Diffusé par l'ANCMSP le lundi 23 juin 2008 · Imprimer

Du 5 au 7 octobre 2007, s’est tenu à Toulouse, l’université d’automne de Sauvons La Recherche (SLR), sur fond de débat houleux concernant la Loi de Responsabilité des Universités (LRU). Débutée en fanfare avec la venue – éclair – de la Ministre de l’Enseignement Supérieur et de la Recherche, cette université s’est achevée sur des sentiments mitigés, dominés par l’inquiétude de l’avenir avec les retombées de la loi.

En attendant, longuement, la ministre, Bertrand Monthubert, président de SLR, entame une concertation avec la salle pour organiser l’ordre des questions qui pourront être posées dans un temps réduit.
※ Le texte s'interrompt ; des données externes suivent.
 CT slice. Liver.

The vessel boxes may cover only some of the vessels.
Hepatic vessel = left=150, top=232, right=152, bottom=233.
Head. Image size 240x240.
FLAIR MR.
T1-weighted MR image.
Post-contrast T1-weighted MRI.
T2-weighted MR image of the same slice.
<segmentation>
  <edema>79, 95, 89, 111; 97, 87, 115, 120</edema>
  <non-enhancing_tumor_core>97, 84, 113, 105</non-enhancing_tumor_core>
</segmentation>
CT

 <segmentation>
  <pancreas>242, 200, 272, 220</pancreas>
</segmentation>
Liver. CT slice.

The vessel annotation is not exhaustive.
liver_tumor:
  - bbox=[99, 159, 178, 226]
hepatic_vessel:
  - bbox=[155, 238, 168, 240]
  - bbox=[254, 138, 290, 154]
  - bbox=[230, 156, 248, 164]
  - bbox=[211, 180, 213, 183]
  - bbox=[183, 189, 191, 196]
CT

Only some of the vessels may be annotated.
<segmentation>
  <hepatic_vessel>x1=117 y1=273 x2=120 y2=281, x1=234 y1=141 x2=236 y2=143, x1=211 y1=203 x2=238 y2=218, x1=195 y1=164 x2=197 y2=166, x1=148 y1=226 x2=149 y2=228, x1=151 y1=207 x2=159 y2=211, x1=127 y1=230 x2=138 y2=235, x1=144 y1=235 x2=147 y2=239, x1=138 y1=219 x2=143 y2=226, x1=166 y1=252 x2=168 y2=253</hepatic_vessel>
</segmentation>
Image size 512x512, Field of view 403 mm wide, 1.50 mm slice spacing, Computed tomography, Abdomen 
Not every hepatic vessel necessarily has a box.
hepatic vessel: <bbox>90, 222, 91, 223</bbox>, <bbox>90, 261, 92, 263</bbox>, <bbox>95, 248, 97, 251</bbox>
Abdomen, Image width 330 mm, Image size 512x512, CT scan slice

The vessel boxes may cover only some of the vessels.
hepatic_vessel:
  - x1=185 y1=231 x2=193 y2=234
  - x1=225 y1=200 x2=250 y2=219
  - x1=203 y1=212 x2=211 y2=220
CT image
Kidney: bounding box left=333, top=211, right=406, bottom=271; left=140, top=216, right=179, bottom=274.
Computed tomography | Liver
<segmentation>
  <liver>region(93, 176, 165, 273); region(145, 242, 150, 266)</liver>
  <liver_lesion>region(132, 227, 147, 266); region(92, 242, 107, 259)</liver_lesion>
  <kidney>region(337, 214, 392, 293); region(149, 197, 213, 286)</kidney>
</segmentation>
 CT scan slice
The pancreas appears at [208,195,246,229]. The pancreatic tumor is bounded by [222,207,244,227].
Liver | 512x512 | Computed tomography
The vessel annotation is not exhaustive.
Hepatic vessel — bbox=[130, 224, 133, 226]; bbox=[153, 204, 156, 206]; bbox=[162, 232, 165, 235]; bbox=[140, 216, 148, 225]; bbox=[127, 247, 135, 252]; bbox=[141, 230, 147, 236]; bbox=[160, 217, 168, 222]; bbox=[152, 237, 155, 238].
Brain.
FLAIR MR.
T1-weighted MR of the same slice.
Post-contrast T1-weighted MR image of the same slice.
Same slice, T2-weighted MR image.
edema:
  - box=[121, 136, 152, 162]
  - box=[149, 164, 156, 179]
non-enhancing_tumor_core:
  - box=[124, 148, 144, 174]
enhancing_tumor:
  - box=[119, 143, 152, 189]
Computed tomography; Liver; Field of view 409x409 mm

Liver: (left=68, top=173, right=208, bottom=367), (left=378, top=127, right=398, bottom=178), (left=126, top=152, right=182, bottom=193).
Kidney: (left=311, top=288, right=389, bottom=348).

Le début de la matinée est relativement tendu, malgré la présence du dessinateur Cled’12, observateur attentif qui distille une touche d’autodérision avec ses caricatures projetées sur grand écran tout au long des trois jours.

Premier exercice de style, la ministre arrive en retard. Second exercice, l’opération de communication. Elle écoute, sourit, répond parfois de manière sèche, penche toujours la tête pour dire qu’elle a bien compris (ou pour faire signe aux caméras ?). Mais le débat, évidemment, n’y est pas. Quelqu’un murmure : « Elle dit des conneries mais au moins elle les dit bien ». Au-delà des problèmes de répartition du budget, qui fait la part belle au crédit d’impôt pour les entreprises au détriment de la recherche publique, c’est aussi la gestion au quotidien des conséquences de la loi qui inquiète les chercheurs. Le problème de la (non) création d’emplois est abordé ainsi que les conditions de recrutement, les modalités de constitution des comités de sélection restent floues . Toutes ces interrogations donnent souvent lieu de la part de la ministre à des réponses toute faites suscitant quelques remous, rires ou airs stupéfaits, mais peu d’avancées ou de levées d’incertitude.

Après 45 minutes de dialogue de sourd, le départ de Mme Pécresse devait en principe laisser place aux « vrais » débats entre chercheurs, gestionnaires des universités, du CNRS et des autres établissements de recherche. Mais à l’absence de l’invité de marque, « l’enseignement supérieur », thème de l’après-midi, semble nettement moins intéresser l’assemblée et les rangs de commencer à se parsemer. Le nombre des participants ne fera que décroître tout au long de ces trois jours.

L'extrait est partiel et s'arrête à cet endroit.